Initial Award Abstract
Smoking-related cancers begin when the genetic material in a cell becomes mutated, causing the cell to multiply rapidly. A tiny cluster of cancer cells needs nutrients to grow into a large cancerous tumor. Without additional nutrients, a cluster of cancer cells would usually stop growing. Many cancers get additional nutrients by stimulating the growth of new blood vessels into the cancer, a process called angiogenesis. Cancers stimulate angiogenesis by secreting large amounts of specific hormones or growth factors that cause surrounding blood vessels to grow into the cancer. Therefore one potential treatment for cancer is to block the formation of new blood vessels that would allow the cancer to grow. In essence this amounts to attacking the cancer by cutting off its nutrient supply lines. In order for this approach to work, it is necessary to understand in detail how angiogenic hormones and growth factors make blood vessels grow.

Several hormones or growth factors have been identified that can make new blood vessels grow. One in particular, termed VEGF (for vascular endothelial growth factor) is highly abundant in many human cancers. Many lung cancers, for example, produce large amounts of VEGF. VEGF is likely to be an important direct stimulator of cancer growth because when VEGF is rendered inactive (in animal models of cancer growth), tumor blood vessel growth is inhibited and tumor growth is blocked. Understanding precisely how VEGF makes blood vessels grow is of great importance because it may lead to new therapies for treating tobacco-related diseases, either by inhibiting angiogenesis, as in lung cancer, or by stimulating angiogenesis, as in coronary artery disease where blood flow to the heart is inadequate.

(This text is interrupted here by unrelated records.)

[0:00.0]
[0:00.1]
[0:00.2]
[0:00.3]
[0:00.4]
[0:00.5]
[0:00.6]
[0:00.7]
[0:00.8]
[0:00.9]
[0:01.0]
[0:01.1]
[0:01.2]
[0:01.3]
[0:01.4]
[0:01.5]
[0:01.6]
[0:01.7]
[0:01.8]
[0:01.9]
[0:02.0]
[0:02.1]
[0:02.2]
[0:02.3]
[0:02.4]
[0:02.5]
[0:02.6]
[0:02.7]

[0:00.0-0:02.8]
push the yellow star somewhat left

VEGF initiates the process of new blood vessel growth by binding to the cells lining blood vessels, called endothelial cells. VEGF binds to two specific receptor proteins found only on the surface of endothelial cells. The binding of VEGF turns on the receptors, which then generate signals inside the cell leading ultimately to new blood vessel growth. Understanding the function of these two VEGF receptors and the signals they produce has been challenging. It is not clear whether the two receptors have the same or different functions, or whether they work independently or together.

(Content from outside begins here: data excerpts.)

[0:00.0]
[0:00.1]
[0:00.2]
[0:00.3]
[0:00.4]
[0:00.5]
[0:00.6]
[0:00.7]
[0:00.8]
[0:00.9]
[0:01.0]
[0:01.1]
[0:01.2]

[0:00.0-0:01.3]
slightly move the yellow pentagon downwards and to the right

Our objective is to understand in molecular detail how the two VEGF receptors function to stimulate new blood vessel growth. To do this we will: (1) grow blood vessel cells in culture; (2) establish a method for selectively turning on one receptor, the other receptor, or both receptors simultaneously; (3) identify the signals produced by each receptor inside the cell when the receptor is turned on; and (4) examine how the cells respond to each or both receptors being turned on, in terms of growth, invasion, migration and other cellular responses that occur during angiogenesis. We will then make specific mutations in the receptors to determine in finer detail how the receptors generate the signals that make new blood vessels grow.

This work will define how VEGF, a key regulator of new blood vessel growth both in cancers and in coronary artery disease, works through its receptors to stimulate angiogenesis. This information will be very useful for the design of new therapies for these tobacco-related diseases.